Exercise aim: Search the entries for the word "class" and copy each line that has it.

Task input:
■ ■ ■ ■ ■

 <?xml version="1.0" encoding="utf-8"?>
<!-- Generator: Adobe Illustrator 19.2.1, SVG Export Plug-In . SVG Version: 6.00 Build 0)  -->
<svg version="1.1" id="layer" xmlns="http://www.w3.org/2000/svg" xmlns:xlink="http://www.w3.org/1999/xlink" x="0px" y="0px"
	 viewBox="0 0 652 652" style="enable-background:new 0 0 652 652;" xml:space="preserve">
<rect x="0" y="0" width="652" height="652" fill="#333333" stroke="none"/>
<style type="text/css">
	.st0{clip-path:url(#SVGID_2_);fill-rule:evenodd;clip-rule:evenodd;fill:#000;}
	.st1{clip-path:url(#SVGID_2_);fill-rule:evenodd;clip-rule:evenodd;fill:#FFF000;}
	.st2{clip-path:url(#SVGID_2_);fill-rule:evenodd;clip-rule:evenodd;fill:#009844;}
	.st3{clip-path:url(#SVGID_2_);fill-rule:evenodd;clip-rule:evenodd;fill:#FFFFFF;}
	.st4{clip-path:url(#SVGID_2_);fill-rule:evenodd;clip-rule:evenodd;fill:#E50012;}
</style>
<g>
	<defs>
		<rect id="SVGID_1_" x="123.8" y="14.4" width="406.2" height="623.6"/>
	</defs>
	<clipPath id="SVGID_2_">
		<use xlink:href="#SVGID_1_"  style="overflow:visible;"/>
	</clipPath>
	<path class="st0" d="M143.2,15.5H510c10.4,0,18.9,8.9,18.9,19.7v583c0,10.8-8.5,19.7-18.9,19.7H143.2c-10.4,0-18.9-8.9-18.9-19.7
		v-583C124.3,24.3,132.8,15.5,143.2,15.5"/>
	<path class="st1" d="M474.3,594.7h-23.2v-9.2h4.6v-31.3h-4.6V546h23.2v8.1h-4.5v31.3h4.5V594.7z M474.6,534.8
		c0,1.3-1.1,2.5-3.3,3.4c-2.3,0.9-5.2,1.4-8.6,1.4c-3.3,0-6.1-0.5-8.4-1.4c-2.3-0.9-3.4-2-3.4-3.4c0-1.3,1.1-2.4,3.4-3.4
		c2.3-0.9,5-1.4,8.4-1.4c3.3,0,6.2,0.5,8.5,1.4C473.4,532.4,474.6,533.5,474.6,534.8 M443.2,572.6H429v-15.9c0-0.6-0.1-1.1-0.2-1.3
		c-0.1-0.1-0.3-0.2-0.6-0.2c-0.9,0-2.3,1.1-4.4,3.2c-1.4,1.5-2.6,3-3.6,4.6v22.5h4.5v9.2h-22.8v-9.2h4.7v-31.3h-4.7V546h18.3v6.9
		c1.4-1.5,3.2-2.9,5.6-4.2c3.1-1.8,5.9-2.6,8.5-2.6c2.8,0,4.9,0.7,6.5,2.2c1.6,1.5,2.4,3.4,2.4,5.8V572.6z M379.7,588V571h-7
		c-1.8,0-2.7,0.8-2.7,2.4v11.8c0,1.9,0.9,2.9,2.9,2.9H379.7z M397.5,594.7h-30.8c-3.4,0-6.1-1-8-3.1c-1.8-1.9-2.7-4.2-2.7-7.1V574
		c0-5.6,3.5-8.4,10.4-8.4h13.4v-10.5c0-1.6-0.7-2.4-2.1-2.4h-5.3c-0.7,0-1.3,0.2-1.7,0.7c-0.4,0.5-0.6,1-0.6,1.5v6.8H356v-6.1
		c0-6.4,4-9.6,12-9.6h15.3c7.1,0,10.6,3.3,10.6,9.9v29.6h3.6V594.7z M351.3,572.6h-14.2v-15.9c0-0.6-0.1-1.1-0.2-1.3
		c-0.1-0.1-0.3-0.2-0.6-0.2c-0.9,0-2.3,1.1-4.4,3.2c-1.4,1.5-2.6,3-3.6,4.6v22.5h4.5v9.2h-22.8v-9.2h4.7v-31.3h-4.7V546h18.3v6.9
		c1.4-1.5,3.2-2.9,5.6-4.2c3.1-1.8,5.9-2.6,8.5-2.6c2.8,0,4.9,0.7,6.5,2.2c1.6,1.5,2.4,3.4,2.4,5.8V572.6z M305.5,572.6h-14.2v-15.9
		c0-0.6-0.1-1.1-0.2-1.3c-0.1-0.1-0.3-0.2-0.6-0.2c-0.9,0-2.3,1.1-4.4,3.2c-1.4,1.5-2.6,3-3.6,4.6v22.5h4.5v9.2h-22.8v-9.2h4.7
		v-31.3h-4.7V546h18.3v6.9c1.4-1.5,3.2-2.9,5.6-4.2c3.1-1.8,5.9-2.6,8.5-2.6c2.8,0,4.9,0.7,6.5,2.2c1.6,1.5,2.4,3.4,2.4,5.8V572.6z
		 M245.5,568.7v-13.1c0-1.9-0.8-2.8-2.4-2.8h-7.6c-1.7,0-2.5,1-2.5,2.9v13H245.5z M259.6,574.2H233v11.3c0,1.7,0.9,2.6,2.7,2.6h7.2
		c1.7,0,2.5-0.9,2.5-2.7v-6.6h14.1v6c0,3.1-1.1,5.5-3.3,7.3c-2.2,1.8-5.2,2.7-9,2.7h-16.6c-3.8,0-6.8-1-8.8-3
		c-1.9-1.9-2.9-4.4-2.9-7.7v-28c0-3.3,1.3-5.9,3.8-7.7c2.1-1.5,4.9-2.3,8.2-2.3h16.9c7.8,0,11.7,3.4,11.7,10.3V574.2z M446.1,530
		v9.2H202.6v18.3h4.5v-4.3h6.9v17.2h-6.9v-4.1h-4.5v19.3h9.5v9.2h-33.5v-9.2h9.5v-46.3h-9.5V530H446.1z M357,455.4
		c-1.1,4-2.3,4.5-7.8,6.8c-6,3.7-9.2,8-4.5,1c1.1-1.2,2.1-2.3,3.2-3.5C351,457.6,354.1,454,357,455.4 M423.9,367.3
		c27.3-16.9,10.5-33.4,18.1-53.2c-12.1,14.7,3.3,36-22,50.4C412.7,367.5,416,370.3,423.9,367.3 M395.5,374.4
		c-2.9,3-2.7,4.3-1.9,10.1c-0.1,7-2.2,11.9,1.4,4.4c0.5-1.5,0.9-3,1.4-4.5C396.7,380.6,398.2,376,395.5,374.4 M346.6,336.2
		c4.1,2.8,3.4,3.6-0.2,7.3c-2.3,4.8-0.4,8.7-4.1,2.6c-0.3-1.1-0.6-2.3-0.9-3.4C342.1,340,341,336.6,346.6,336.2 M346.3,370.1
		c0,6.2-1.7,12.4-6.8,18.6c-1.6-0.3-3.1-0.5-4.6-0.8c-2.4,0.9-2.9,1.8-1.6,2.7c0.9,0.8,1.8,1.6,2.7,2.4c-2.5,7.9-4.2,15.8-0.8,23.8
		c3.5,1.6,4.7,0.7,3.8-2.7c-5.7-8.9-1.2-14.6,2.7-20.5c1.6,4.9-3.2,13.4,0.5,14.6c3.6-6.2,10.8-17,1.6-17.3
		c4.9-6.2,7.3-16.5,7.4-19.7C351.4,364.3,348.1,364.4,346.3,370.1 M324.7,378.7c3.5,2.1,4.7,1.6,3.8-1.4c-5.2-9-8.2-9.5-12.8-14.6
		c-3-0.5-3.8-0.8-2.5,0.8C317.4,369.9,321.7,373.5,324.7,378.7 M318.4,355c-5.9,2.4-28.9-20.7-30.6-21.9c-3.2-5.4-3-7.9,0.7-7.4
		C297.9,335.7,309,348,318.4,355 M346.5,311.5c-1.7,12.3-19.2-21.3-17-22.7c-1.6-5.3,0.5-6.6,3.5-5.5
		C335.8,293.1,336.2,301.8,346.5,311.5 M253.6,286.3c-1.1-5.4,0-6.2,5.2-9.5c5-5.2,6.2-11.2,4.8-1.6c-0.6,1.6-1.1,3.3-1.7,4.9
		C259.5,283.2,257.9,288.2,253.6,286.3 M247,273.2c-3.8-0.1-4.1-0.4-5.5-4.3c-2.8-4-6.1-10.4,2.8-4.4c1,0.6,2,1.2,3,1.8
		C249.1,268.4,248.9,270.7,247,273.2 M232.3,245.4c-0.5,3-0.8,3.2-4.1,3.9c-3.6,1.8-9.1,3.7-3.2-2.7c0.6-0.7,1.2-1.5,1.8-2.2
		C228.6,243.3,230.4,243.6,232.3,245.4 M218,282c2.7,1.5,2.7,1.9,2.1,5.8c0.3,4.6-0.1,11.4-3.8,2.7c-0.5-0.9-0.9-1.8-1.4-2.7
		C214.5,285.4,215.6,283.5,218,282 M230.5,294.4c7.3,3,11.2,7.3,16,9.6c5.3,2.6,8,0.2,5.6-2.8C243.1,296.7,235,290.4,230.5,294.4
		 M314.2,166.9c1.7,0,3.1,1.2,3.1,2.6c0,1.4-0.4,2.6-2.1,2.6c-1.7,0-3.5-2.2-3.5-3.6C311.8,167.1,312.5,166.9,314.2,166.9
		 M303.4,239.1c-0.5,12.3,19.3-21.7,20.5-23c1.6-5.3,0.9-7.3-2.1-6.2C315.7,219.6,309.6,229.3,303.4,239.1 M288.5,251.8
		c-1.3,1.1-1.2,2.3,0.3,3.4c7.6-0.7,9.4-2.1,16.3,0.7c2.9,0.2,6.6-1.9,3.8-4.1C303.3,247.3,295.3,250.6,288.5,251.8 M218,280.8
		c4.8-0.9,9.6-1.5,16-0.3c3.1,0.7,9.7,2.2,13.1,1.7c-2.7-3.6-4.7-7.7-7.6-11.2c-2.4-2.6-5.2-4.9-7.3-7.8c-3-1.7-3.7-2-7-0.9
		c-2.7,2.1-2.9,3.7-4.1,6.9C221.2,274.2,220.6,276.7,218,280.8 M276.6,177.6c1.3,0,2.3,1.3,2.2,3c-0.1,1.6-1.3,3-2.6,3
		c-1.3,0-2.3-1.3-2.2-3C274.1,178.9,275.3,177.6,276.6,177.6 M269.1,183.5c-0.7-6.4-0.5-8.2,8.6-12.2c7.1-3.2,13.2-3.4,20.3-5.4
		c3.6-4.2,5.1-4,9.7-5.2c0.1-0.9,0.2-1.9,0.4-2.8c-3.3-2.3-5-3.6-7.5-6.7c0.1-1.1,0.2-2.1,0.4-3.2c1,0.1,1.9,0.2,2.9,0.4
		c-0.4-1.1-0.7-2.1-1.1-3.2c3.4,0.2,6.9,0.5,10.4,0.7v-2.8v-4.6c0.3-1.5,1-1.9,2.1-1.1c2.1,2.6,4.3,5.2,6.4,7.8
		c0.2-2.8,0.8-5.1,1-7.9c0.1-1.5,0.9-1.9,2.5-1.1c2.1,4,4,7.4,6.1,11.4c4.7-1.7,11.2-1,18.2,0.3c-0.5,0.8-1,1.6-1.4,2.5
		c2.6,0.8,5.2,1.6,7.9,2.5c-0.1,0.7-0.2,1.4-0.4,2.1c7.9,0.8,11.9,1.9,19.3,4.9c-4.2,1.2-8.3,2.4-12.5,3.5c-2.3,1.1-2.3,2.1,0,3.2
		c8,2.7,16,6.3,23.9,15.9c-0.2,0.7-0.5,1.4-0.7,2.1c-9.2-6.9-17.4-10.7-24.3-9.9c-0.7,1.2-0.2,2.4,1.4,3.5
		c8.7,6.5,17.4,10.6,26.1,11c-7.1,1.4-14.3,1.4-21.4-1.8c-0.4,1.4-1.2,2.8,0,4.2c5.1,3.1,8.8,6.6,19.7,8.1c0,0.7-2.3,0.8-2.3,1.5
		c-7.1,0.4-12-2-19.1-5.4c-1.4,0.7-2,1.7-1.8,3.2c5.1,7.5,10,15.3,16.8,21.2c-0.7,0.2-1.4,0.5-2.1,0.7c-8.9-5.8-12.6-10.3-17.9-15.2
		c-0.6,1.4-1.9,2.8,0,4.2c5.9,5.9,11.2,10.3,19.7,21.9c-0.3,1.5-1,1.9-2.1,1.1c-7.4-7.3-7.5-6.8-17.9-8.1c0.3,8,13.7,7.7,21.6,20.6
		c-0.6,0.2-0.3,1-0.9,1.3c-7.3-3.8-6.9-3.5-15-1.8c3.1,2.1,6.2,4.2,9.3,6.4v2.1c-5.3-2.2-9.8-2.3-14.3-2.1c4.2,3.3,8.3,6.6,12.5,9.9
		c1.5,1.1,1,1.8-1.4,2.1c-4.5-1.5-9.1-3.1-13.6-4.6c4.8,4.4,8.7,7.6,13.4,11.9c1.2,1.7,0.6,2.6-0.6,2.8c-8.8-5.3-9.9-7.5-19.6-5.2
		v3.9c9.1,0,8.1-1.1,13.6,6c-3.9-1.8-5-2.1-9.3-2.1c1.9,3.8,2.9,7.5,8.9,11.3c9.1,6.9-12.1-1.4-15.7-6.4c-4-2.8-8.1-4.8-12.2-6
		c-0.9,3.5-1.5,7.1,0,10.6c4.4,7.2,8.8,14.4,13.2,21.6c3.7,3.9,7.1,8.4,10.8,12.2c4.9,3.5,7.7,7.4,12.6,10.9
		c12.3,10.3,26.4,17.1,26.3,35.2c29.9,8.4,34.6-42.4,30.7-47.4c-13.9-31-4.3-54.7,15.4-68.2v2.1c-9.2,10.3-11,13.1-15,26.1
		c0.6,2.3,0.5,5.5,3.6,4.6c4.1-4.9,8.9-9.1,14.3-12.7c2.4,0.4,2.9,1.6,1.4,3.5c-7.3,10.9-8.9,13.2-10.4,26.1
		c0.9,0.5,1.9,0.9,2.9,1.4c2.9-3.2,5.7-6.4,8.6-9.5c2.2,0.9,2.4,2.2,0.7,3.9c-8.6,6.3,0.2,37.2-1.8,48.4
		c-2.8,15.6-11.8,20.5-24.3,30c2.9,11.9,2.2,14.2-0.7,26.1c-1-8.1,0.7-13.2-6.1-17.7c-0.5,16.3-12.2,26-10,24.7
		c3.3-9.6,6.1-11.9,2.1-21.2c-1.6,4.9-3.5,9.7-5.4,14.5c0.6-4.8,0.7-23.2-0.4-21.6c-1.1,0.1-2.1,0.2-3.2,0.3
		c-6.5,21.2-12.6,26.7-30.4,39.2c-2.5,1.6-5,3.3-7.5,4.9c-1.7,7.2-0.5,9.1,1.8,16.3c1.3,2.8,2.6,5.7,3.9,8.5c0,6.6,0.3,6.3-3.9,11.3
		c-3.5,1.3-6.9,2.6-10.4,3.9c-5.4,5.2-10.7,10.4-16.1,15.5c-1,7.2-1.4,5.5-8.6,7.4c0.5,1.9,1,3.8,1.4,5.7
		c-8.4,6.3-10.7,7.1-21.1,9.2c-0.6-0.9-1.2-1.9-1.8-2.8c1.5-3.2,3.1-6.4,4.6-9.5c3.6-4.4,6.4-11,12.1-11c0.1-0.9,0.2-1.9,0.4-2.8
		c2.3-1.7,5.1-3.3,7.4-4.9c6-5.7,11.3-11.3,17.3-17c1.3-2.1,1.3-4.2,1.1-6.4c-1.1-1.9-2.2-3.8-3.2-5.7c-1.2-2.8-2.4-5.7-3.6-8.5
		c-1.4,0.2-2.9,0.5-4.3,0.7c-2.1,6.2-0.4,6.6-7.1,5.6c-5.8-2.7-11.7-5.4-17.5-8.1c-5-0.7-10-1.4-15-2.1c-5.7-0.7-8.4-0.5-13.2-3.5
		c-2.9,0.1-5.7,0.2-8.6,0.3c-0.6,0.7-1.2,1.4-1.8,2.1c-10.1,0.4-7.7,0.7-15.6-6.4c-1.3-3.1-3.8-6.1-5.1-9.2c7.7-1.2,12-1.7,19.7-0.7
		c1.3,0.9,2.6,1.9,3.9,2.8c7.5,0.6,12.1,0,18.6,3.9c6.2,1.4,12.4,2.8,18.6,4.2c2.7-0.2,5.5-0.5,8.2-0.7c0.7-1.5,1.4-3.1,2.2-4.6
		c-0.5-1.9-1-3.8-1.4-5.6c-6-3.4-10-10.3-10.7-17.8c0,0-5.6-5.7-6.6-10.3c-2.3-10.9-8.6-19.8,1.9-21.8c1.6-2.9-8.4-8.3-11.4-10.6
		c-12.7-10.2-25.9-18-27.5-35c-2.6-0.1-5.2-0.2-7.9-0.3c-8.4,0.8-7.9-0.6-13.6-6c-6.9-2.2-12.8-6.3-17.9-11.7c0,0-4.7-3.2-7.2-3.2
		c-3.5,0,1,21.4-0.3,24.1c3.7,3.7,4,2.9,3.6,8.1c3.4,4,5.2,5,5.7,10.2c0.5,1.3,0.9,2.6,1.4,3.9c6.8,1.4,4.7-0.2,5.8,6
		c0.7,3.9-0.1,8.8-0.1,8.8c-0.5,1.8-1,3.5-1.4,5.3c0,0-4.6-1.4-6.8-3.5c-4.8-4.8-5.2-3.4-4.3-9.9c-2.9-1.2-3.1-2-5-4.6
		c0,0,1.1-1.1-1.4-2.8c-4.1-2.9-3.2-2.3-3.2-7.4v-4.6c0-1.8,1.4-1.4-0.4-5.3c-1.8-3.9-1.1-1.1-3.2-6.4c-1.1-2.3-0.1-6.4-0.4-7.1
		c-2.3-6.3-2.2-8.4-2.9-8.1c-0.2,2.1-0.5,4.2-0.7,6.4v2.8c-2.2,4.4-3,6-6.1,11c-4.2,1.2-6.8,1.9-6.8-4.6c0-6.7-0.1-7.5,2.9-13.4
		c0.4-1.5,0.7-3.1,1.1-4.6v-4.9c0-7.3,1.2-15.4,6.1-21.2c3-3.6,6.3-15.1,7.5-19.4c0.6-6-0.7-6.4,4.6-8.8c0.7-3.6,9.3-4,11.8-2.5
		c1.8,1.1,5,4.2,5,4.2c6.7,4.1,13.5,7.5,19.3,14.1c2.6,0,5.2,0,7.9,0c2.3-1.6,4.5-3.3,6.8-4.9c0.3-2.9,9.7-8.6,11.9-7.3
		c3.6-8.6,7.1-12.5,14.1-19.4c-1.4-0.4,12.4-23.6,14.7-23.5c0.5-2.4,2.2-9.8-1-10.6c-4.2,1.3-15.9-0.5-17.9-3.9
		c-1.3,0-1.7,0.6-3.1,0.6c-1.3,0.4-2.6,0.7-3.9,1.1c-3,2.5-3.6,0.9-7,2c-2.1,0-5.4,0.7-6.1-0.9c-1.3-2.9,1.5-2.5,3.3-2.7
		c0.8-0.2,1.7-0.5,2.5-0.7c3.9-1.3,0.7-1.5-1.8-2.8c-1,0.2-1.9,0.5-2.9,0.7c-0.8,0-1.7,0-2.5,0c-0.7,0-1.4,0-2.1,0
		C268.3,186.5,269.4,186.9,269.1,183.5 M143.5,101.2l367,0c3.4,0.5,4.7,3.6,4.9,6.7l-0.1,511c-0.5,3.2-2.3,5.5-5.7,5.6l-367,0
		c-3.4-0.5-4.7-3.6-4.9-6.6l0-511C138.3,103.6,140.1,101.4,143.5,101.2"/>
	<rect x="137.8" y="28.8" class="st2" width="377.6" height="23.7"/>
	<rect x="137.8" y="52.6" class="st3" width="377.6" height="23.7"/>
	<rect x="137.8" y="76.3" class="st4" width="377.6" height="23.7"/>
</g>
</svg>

■ ■ ■ ■ ■

Written answer:
	<path class="st0" d="M143.2,15.5H510c10.4,0,18.9,8.9,18.9,19.7v583c0,10.8-8.5,19.7-18.9,19.7H143.2c-10.4,0-18.9-8.9-18.9-19.7
	<path class="st1" d="M474.3,594.7h-23.2v-9.2h4.6v-31.3h-4.6V546h23.2v8.1h-4.5v31.3h4.5V594.7z M474.6,534.8
	<rect x="137.8" y="28.8" class="st2" width="377.6" height="23.7"/>
	<rect x="137.8" y="52.6" class="st3" width="377.6" height="23.7"/>
	<rect x="137.8" y="76.3" class="st4" width="377.6" height="23.7"/>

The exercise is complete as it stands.